Adjacency list (parent_id FK): simple, but requires recursive CTEs for deep queries. Closure table: stores all ancestor-descendant pairs; fast queries, expensive inserts. Materialized path: stores path as string (
/1/5/12/); easy queries with LIKE, but updates are expensive. Nested sets: left/right boundary values; very fast reads, complex writes. Choice depends on read/write ratio and tree depth.
Advanced Editorial Pass: Schema Design as Evolution Strategy
Senior Engineering Focus
- Design schemas for change frequency and ownership boundaries.

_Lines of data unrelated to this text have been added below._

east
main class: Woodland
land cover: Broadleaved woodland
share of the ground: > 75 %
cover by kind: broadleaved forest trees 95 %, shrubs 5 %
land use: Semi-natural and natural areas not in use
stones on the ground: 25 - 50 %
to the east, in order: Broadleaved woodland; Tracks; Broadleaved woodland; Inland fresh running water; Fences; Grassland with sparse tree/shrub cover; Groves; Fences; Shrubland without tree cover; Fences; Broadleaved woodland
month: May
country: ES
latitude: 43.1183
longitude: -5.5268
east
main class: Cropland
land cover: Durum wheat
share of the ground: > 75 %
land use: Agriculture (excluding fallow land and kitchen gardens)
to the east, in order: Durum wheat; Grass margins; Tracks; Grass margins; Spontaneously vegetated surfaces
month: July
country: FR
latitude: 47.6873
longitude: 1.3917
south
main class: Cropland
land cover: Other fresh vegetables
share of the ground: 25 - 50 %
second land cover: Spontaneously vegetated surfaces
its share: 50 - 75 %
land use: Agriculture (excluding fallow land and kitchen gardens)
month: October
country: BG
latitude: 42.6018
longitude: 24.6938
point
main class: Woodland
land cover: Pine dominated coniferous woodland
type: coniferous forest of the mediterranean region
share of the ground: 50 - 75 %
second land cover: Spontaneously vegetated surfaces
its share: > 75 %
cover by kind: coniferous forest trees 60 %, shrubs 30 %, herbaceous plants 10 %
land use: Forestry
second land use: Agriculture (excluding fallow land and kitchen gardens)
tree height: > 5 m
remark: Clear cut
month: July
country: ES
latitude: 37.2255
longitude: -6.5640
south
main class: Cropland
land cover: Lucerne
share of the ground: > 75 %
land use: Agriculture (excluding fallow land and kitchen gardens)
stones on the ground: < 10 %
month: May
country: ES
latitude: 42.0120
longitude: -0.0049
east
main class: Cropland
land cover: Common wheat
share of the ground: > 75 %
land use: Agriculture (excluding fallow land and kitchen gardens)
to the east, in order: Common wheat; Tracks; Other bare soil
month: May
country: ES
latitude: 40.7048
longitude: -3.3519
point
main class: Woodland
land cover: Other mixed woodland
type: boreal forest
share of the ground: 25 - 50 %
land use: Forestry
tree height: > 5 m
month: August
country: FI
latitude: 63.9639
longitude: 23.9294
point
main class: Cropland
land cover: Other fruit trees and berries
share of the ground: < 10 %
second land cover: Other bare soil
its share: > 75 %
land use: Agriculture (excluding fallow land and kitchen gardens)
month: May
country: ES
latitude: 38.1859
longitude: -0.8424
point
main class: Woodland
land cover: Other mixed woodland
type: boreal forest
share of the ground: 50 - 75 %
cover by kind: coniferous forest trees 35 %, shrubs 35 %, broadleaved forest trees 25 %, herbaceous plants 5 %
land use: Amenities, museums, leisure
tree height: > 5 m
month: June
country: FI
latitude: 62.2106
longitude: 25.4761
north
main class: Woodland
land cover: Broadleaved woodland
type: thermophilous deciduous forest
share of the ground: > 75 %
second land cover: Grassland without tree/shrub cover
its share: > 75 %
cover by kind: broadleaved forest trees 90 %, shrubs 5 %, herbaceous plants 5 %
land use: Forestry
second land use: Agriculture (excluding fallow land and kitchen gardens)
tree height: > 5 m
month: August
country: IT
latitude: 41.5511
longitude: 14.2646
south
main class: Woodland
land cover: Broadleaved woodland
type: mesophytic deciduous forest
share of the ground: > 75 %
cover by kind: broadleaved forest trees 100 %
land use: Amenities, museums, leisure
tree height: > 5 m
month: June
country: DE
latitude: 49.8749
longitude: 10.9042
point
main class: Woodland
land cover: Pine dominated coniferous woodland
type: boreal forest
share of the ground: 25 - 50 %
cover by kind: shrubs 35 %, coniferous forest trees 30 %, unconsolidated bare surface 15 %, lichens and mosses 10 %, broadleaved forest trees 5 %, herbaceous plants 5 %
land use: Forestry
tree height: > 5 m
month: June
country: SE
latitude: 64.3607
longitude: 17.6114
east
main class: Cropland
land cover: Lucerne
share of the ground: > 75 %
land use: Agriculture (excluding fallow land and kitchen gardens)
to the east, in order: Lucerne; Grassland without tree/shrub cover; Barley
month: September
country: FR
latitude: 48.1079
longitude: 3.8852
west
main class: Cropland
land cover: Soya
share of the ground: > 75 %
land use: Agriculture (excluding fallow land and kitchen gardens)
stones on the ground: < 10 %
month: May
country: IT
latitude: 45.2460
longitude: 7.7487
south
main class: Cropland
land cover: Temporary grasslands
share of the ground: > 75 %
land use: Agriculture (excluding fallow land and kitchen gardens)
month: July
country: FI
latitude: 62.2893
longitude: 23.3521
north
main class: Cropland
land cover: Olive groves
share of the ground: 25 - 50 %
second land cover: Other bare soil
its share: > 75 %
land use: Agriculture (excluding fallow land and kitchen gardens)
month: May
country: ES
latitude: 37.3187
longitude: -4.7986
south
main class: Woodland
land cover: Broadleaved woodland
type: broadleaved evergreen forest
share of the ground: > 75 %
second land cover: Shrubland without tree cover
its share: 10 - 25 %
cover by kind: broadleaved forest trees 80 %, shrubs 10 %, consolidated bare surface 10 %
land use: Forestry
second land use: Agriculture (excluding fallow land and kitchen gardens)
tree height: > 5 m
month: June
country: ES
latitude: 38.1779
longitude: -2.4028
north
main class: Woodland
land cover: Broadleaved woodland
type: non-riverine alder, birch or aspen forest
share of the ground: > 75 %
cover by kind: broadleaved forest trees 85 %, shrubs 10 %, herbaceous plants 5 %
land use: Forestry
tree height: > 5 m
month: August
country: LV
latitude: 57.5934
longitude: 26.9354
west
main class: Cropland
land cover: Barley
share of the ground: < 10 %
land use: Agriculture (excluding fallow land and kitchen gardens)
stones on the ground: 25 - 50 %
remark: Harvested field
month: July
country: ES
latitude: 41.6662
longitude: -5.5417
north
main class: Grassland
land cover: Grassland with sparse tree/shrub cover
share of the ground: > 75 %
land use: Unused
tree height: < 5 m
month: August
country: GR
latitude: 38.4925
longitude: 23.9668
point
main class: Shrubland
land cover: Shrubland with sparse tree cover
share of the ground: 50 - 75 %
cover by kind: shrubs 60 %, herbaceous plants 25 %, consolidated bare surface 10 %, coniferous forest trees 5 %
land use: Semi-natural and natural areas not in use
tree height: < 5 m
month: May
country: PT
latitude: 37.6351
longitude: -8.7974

- Balance normalization against read-path simplicity and cost.
- Encode intent through constraints, naming, and relationship clarity.
Failure Modes to Anticipate
- Schema drift from undocumented business rule changes.
- Accidental coupling between unrelated bounded contexts.
- Migration pain from ambiguous key and relationship choices.
Practical Heuristics
- Version schema decisions with rationale.
- Use migration rehearsals on realistic snapshots.
- Keep bounded context boundaries explicit in data ownership.